Beginning with the line that contains "En passant target", print each line to the end of the data exactly. Omit the pictures.
──────── Working data ────────
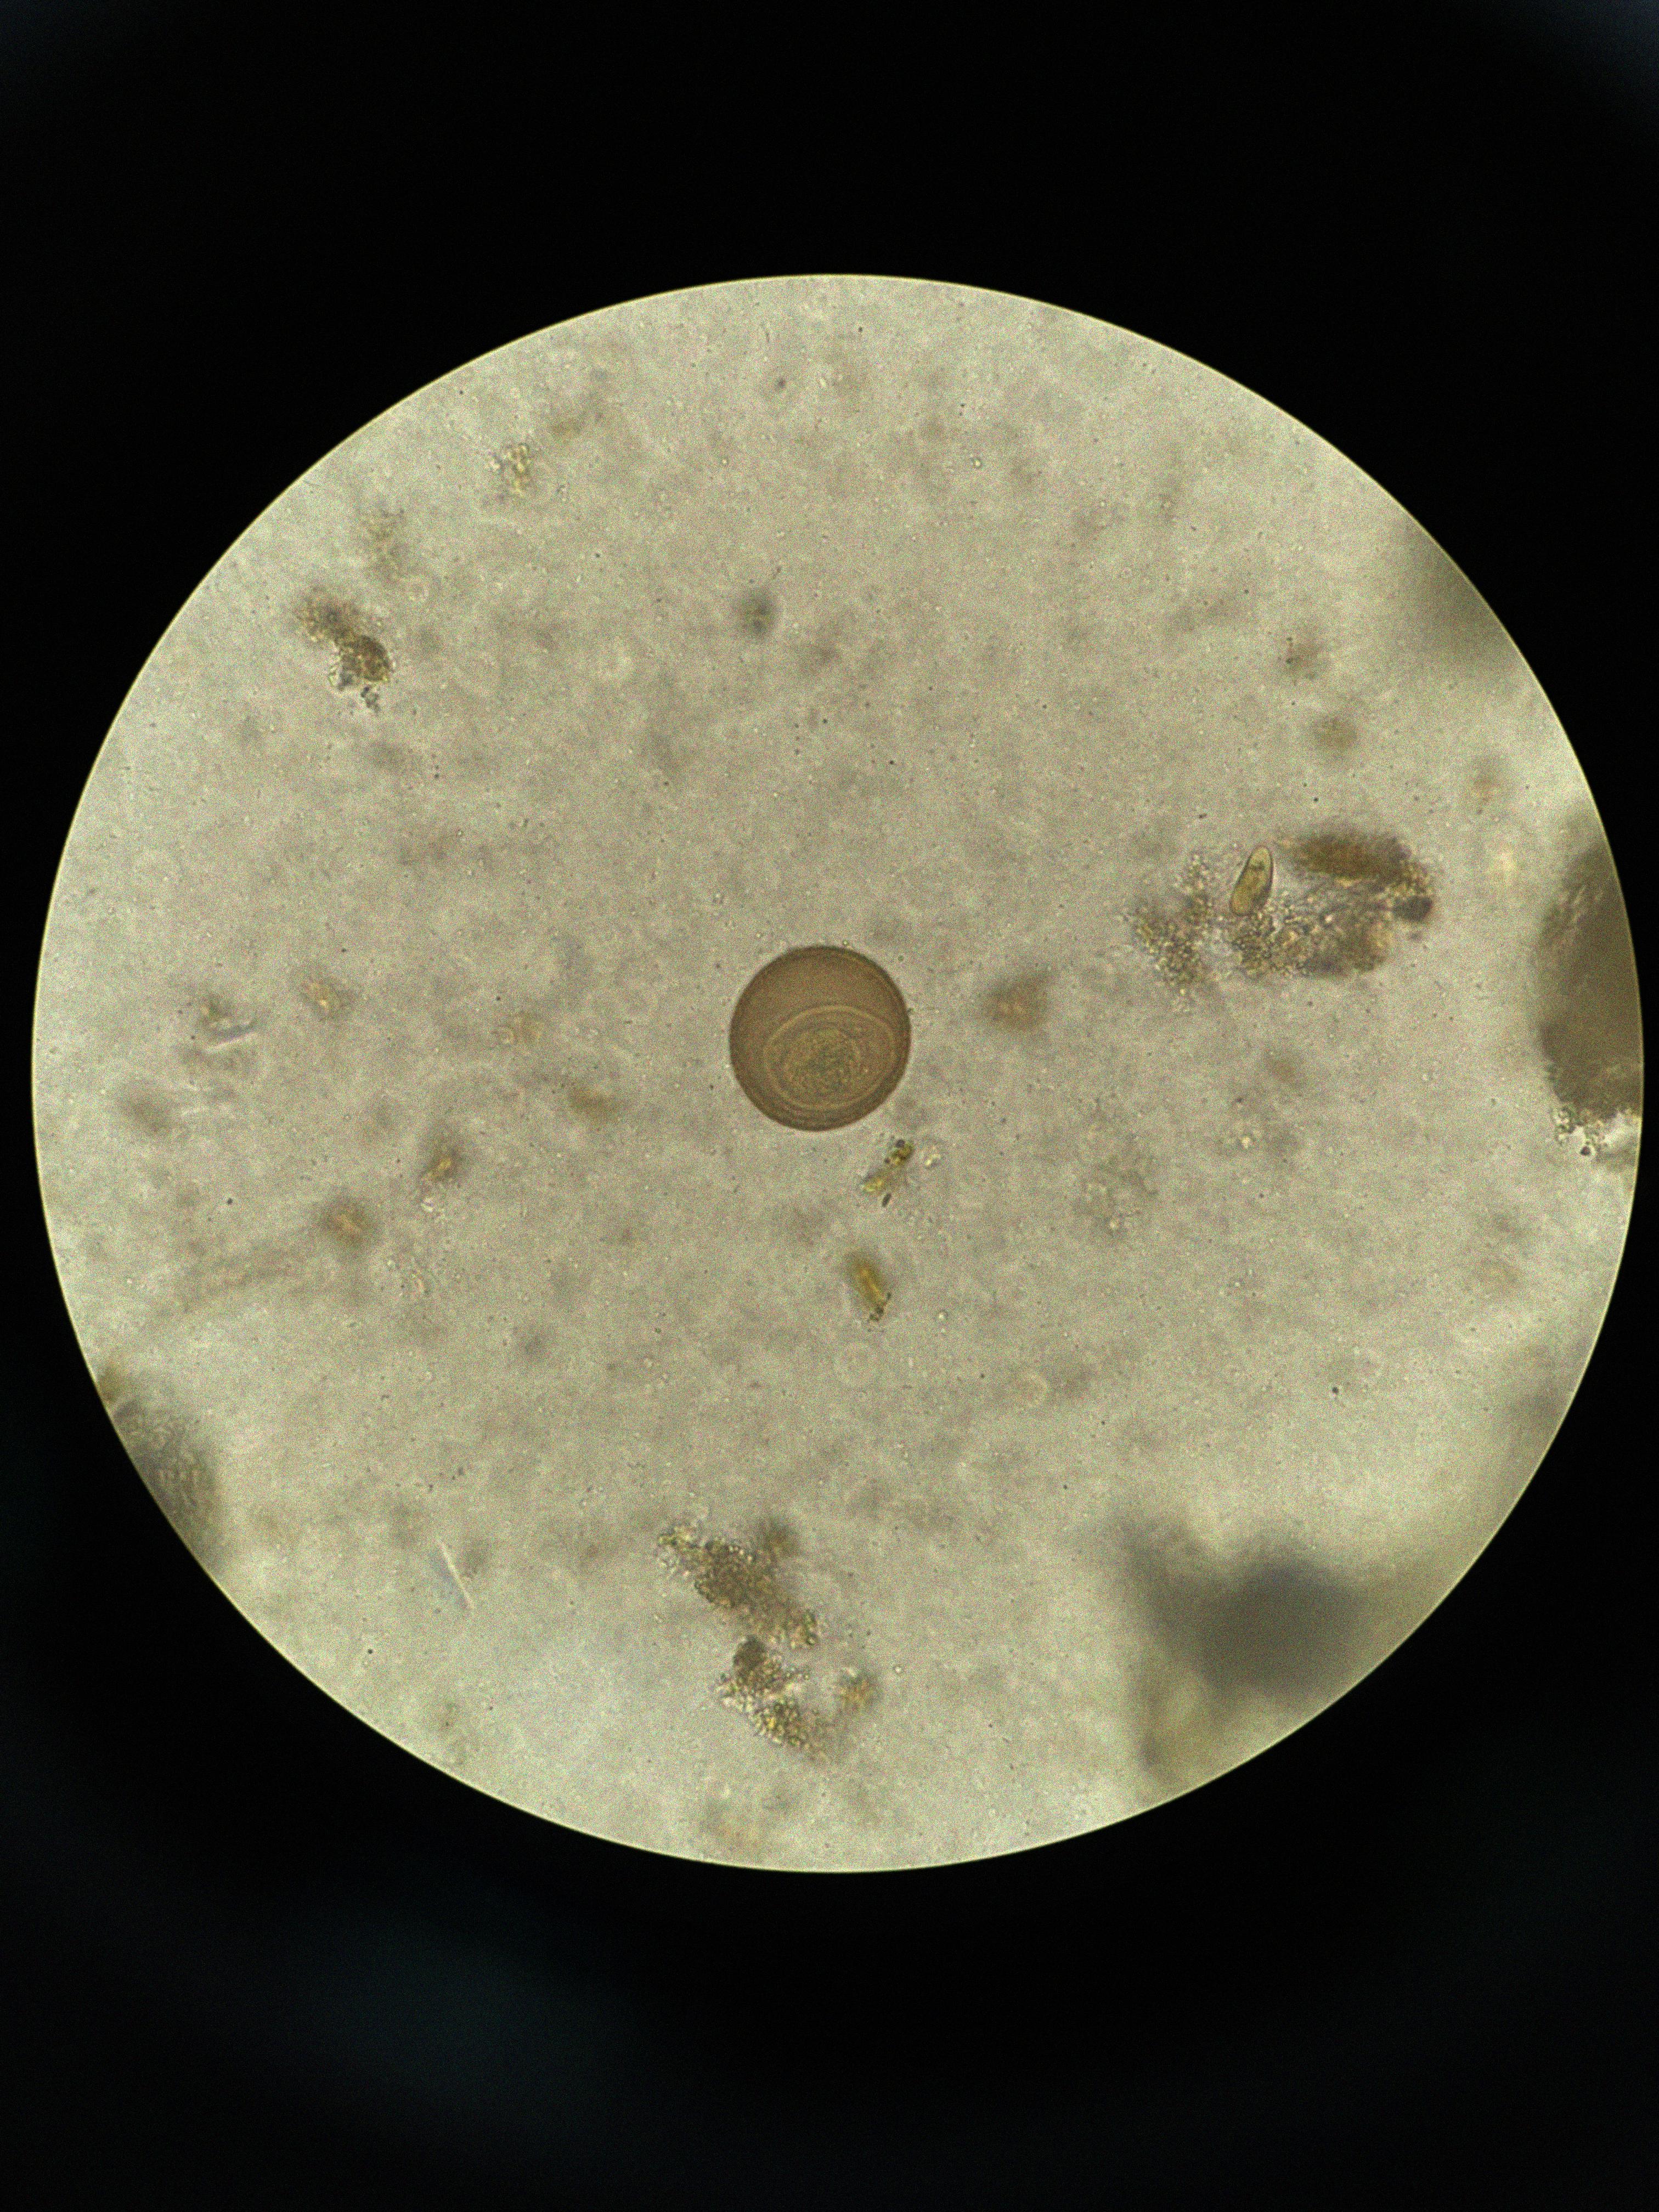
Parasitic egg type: Hymenolepis diminuta
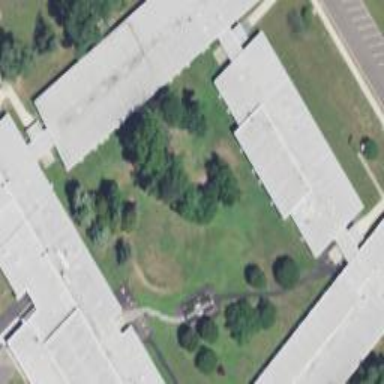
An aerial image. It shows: School.
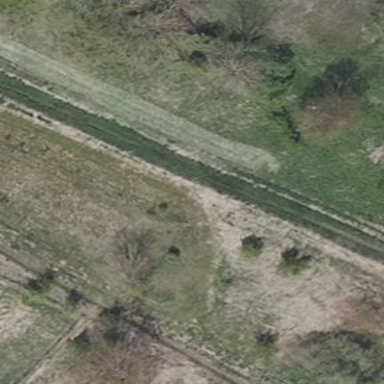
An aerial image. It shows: Patch of scrub vegetation.
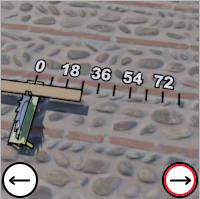
Task: length
Answer: 27
First scale value: 18.0
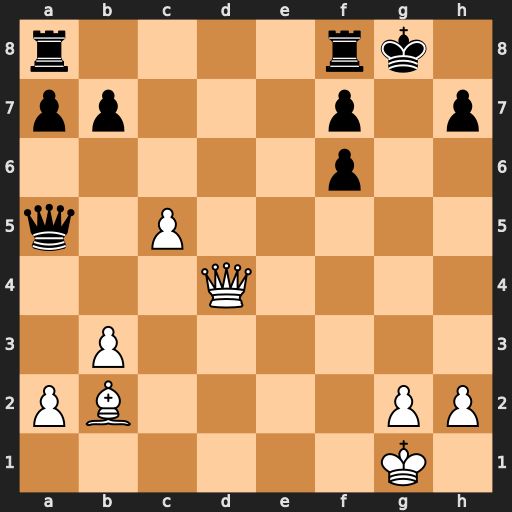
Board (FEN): r4rk1/pp3p1p/5p2/q1P5/3Q4/1P6/PB4PP/6K1
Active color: w
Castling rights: -
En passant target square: -
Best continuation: Qg4+ Kh8 Bxf6#
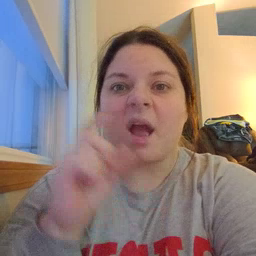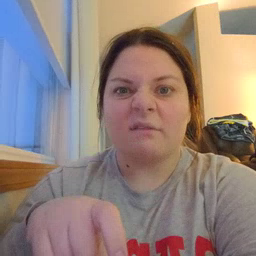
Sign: haveto
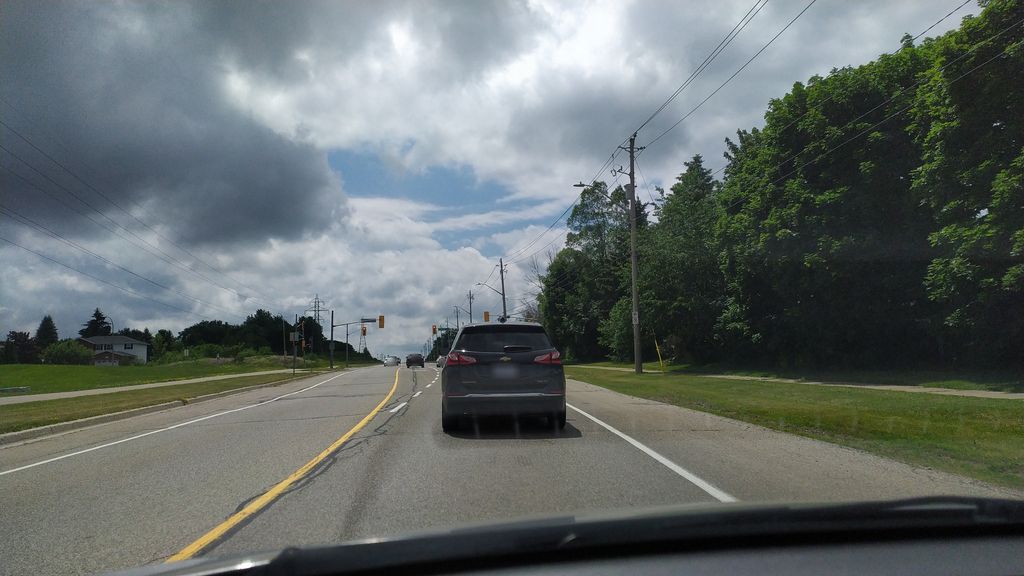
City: kitchener-waterloo
────────
### Result
En passant target square: -
Best continuation: Qg4+ Kh8 Bxf6#
Sign: haveto
City: kitchener-waterloo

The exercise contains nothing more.